Tout le monde connaît les arguments des pro-dépénalisation et tout le monde connaît aussi ceux des anti… généralement les médecins et les gardiens de la vertu, tous versant souvent dans une sorte de solidarité corporatiste ou d’hystérie claniste. Aujourd’hui, avec la survenue du 13-21, il y a des contempteurs qui se rebiffent plus ou moins violemment, mais pour d’autres raisons.

1/ Le corps médical, spécialement les spécialités « psy », qui en appellent à une plus grande...

sensibilisation des jeunes aux dangers de la drogue, sachant que le projet dépénalisera la production tout en maintenant l’interdiction de l’usage récréatif du cannabis. Ils ont raison, car les jeunes et moins jeunes doivent être protégés.

2/ Les agriculteurs qui cultivent cette plante. Ils restent sceptiques quant à l’organisation de cette culture, à la structuration de l’activité qui en découlera, et demandent à être impliqués dans la direction de la future Agence qui réglementera la production.  Ici aussi, ils ont raison car eux savent ce que des administrateurs venus de Rabat ignorent vraisemblablement.

3/ Les ruraux sous mandat de recherche pour avoir cultivé ou commercialisé leur culture et qui, en fuite, demandent des garanties quant à leur sort. Seront-ils amnistiés avec effet rétroactif ? Le gouvernement devrait prévoir cela dans son texte… Ils sont environ 50.000 personnes à se trouver dans cette peu enviable situation.

4/ Les hérauts du « haram », lesquels brandissent bien évidemment des versets du Coran décontextualisés et font commerce de leur vertu populiste aussi facile qu’imbécile. Ils sont contre les libertés individuelles, contre la modernité, contre l’évolution, contre tout et le reste… et sans les gardiens du temple Maroc, ils auraient « saoudisé » notre société.

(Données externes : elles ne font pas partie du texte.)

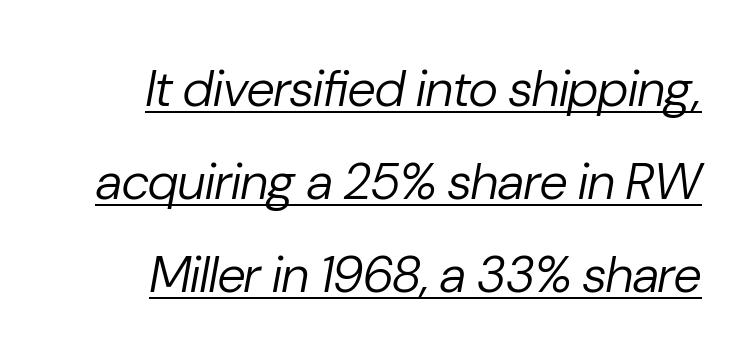
The axis of the letterforms is tilted away from vertical. The strokes are not fattened; the text isn't bold. What stands out about the letter spacing? Nothing — it is the standard amount. The face used here appears with an underline applied. Each letter keeps its own natural width here, so spacing adapts to shape.

5/ Abdelilah Benkirane qui a ressorti pour l’occasion une vieille vidéo remontant à la période de sa lutte épique contre Ilyas el Omari. Confondant tout, menaçant de sédition du Rif, flattant la dynastie alaouite et insultant son adversaire, son propos est dénué de tout fondement car excessif donc stupéfiant d’insignifiance et orienté politiquement.

6/ ... et, bien évidemment, les partis politiques qui, en dehors du PAM, de l'Istiqlal, et peut-être du PPS, vont se réfugier dans leur couardise habituelle, attendant un signal, peut-être...

Le débat doit être ouvert avec tout le monde, sans exclusive, sereinement, pour brasser toutes les questions en suspens et brosser le tableau à venir de cette culture qui ne devrait pas concerner que les régions nord du pays, ce que d’ailleurs le 13-21 ne mentionne absolument pas.

A la clé, une bouffée d’oxygène pour les gens du Rif, des ouvertures sur de nouvelles industries où nous devrions être leaders (ou presque), et des recettes, beaucoup de recettes pour l’Etat. C’est-à-dire, en principe, pour nous tous.